Why Use Gene Therapy to Treat CF?
The basic concept of gene therapy involves introducing a gene into target cells to cure, prevent or slow down the progression of a disease.
CF is a good candidate for this technology as it is primarily caused by mutations in a single gene known as CFTR. A normal copy of the CFTR gene could be delivered to patients via a nebuliser, breathing the therapy into the lungs; a simple approach not requiring any invasive techniques or surgery.
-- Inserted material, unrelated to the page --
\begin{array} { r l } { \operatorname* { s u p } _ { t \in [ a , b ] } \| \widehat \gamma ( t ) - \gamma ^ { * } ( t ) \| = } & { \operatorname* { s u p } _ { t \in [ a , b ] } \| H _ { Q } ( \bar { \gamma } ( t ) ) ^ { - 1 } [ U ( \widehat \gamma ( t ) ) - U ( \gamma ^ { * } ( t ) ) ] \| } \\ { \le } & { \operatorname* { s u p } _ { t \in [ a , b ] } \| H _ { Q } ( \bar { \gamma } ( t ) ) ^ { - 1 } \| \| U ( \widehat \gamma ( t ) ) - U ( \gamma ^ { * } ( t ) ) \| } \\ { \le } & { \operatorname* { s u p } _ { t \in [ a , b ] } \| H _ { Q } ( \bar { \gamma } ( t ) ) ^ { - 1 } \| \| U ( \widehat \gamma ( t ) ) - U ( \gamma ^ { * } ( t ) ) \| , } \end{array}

This approach would directly target the cause of the disease and could correct many aspects of the complex lung pathology we often see in CF.
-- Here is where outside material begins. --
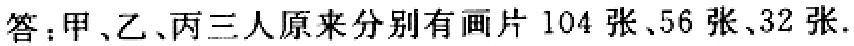
答：甲、乙、丙三人原来分别有画片 104 张、56 张、32 张.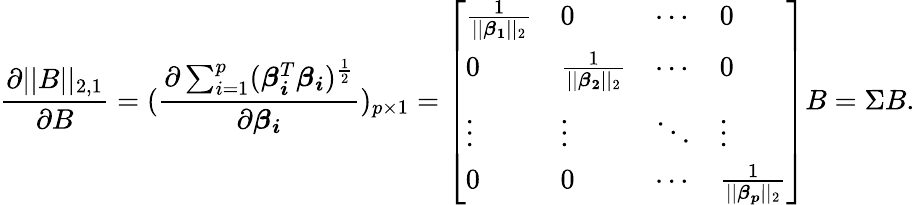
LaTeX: \frac{\partial||B||_{2,1}}{\partial B}=(\frac{\partial\sum_{i=1}^{p}(\boldsymbol{\beta_{i}}^{T}\boldsymbol{\beta_{i}})^{\frac{1}{2}}}{\partial\boldsymbol{\beta_{i}}})_{p\times 1}=\left[\begin{array}{llll}{\frac{1}{||\boldsymbol{\beta_{1}}||_{2}}}&{0}&{\cdots}&{0}\\ {0}&{\frac{1}{||\boldsymbol{\beta_{2}}||_{2}}}&{\cdots}&{0}\\ {\vdots}&{\vdots}&{\ddots}&{\vdots}\\ {0}&{0}&{\cdots}&{\frac{1}{||\boldsymbol{\beta_{p}}||_{2}}}\end{array}\right]B=\Sigma B.

A single therapy to treat the underlying defect could greatly reduce the high therapeutic burden of daily physiotherapy, and multiple nebuliser treatments with other drugs that treat some of the symptoms of their disease that CF patients currently have to endure.
One benefit of the gene therapy approach is that one therapy might be suitable to treat subjects with any mutation in the CFTR gene, meaning that a single treatment strategy would be relevant to all CF patients.
Soon after the cloning of the CFTR gene, proof-of-principle for the gene therapy approach was established when the primary problem in CF (a failure to move chloride ions across the cell membrane of affected cells) was corrected after delivery of a functional copy of human CFTR gene to cells isolated from CF patients (Drumm, et al., 1990, Rich, et al., 1990), and to the lungs of mice suffering from CF (Alton, et al., 1993, Hyde, et al., 1993).
Studies in humans followed quickly. Gene therapy for CF has been tested in humans using both liposomes and viruses to deliver the CFTR gene. Five of the liposome trials were undertaken by members of the UK CF Gene Therapy Consortium (Caplen et al., 1995, Gill et al., 1997, Porteous et al., 1997, Alton et al., 1999, Hyde et al., 2000). These early liposome studies showed that gene therapy was safe and worked in principle. However, in these early studies, the effects were too small to have any real therapeutic benefit and only lasted for a few days.
As we improved the liposome approach, we eventually developed a formulation that lasted for many months (Hyde et al., 2008) which when tested in CF patients was shown to halt their decline in lung function (Alton et al., 2015).
Our most advanced form of gene therapy uses a novel viral gene transfer vector that appears to work considerably better than the liposome approach.